Photo of Timothée Boitouzet

Nanotechnology & materials

Timothée Boitouzet

Translucent wood: a resistant and sustainable material for constructing the buildings of the future

Year Honored
2016

Region
Europe

Hails From
France

"When the planet is home to the almost 12 billion people that the UN calculates will inhabit the Earth by the year 2100, where will they live? In less than 15 years, the organization estimates that there will be 3 billion people in need of proper housing worldwide. Against this backdrop, any sustainable and economically viable option that allows us to create new housing more quickly and efficiently could form part of the solution. And the young, French architect Timothée Boitouzet has a wood-based proposal that could serve just this purpose.

This material has historically been associated with more rudimentary and simple structures, but in Boitouzet´s view, wood has the potential to innovate and take root within modern buildings. ""Steel was the material of the 19th century, cement of the 20th, and wood will be the material of the 22nd century,"" he states confidently. Boitouzet´s company, Woodoo, which he founded, has developed a treatment that gives wood new properties, amongst which the ability to become translucent stands out. This idea lead to Boitouzet´s inclusion in MIT Technology Review´s Innovators Under 35 France 2016 awards.

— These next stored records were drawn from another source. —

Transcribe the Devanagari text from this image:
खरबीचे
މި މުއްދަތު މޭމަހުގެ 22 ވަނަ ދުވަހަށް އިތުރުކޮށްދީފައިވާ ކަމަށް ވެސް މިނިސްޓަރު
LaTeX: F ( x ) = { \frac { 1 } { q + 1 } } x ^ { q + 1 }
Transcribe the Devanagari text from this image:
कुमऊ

But Boitouzet believes that the most important property of his wood is not rooted in aesthetics, but rather in strength. He says that ""it is possible to build 36 story skyscrapers"" with it. The key to delivering these new properties resides in the young Frenchman's patented method. ""Wood is between 60% and 90% air"", he explains. The materials strength is derived from the presence of lignin, an opaque substance. Boitouzet´s treatment extracts this biomolecule and replaces the air with a polymer mixture, which preserves the wood´s structural integrity while also allowing light to pass through the material. The young architect describes this as being ""similar to looking through ice"" while maintaining the texture of the grain, and he adds: ""substituting the air with the polymer makes the wood up to 10 times stronger.""

In addition to overcoming the issues surrounding strength and aesthetics, the treatment patented by Boitouzet also improves two additional characteristics of this raw material. One is its flammable nature, and the other is wood´s tendency to rot; the treatment overcomes both of these issues by fireproofing and weatherproofing the wood.

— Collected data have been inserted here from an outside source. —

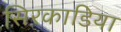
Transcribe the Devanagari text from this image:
सिरकाडिया
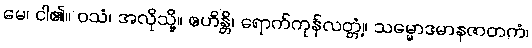
မေ၊ ငါ၏။ ဝသံ၊ အလိုသို့။ ဧဟိန္တိ၊ ရောက်ကုန်လတ္တံ့။ သမ္မောဒမာနဇာတကံ၊
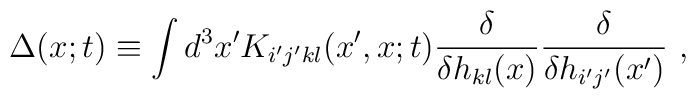
\Delta(x;t) \equiv    \int d^3x' K_{i'j'kl}(x',x;t)         \frac{\delta}{\delta h_{kl}(x)}      \frac{\delta}{\delta h_{i'j'}(x')}\ ,
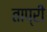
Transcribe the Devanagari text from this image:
ताप्री
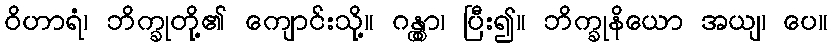
ဝိဟာရံ၊ ဘိက္ခုတို့၏ ကျောင်းသို့။ ဂန္တွာ၊ ပြီး၍။ ဘိက္ခုနိယော အယျ၊ ပေ။
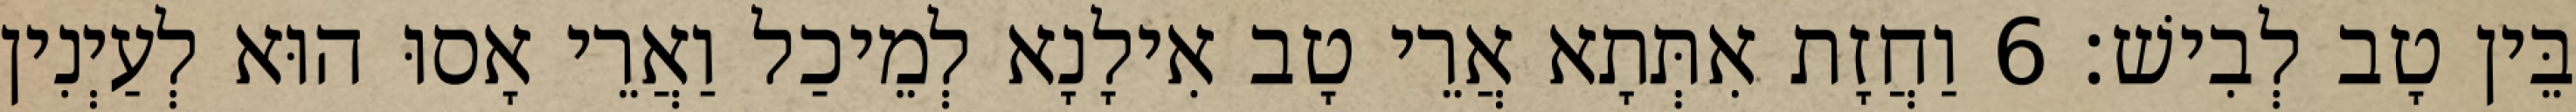
בֵּין טָב לְבִישׁ׃ 6 וַחֲזָת אִתְּתָא אֲרֵי טָב אִילָנָא לְמֵיכַל וַאֲרֵי אָסוּ הוּא לְעַיְנִין

At present, the treatment can be applied to wood panels of up to several centimeters in width, which means this French architect still has work to do before he can start constructing wood skyscrapers. By 2017, Woodoo plans to commercialize woods for interior design applications, and within another two years they aim to sell products for building facades, roofs and floors. It will take longer to achieve wood beams and other structural elements. According to Boitouzet, by applying the cross-laminated timber (CLT) manufacturing approach, these beams would be ""just as resistant as concrete.""

Substituting cement with wood-based elements would drastically reduce the CO2 emissions associated with construction. Woodoo is also working on transforming the lignin extracted during the process into biofuel. But sustainability is not the only thing Boitouzet is interested in; he claims to have been inspired by Japanese architecture during his studies at the Kyoto Institute of Technology (Japan).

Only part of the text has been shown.